La otra crisis: los frutos del perdón

            Durante estos días nos hemos acordado de todas aquellas personas que dieron su vida por no renegar de su fe, víctimas de la persecución religiosa que tuvo lugar en España en la década de los años treinta del pasado siglo.

            Aquí en mi pueblo, entre otros asesinatos, sufrieron el martirio una mujer y sus cuatro hijas, todas ellas monjas. Su hijo sacerdote se libró de la muerte porque se encontraba en esos momentos de misionero en país sudamericano. Un muchacho de catorce años fue testigo, asomado a la calle desde una terraza, de cómo un grupo de hombres sacaba de su casa a esta mujer y a sus cuatro hijas. Una vez las sacaron fuera del pueblo y sin más, las condenaron a muerte. La madre fue la última en morir y le tocó ser testigo del vil asesinato, una tras otra, de sus cuatro hijas.

            Terminó la terrible Guerra Civil y cambiaron las tornas. Los que perseguían y asesinaban pasaron a ser acorralados y ajusticiados.
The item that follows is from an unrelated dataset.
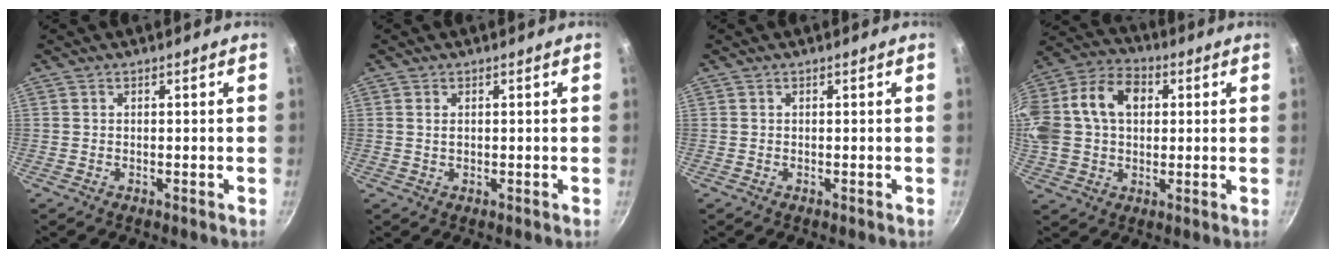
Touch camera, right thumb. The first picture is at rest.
{"total": 1.3, "force": [0.3, 0.8, 0.9], "torque": [-0.016, 0.002, 0.005]}
{"total": 0.0}
{"total": 23.0, "force": [4.3, 16.7, 15.3], "torque": [-0.336, 0.049, 0.066]}

Uno de aquellos hombres que fue partícipe de la detención y asesinato de aquellas cinco mujeres, fue recibido a diario en la casa de aquel muchacho. Y es que su madre había decidido que, por caridad cristiana, no iba a permitir que aquel hombre muriera de hambre.

            Años más tarde, ese muchacho, testigo del amor sin medida que se respiraba en su hogar, ingresaría en el seminario y se ordenaría sacerdote.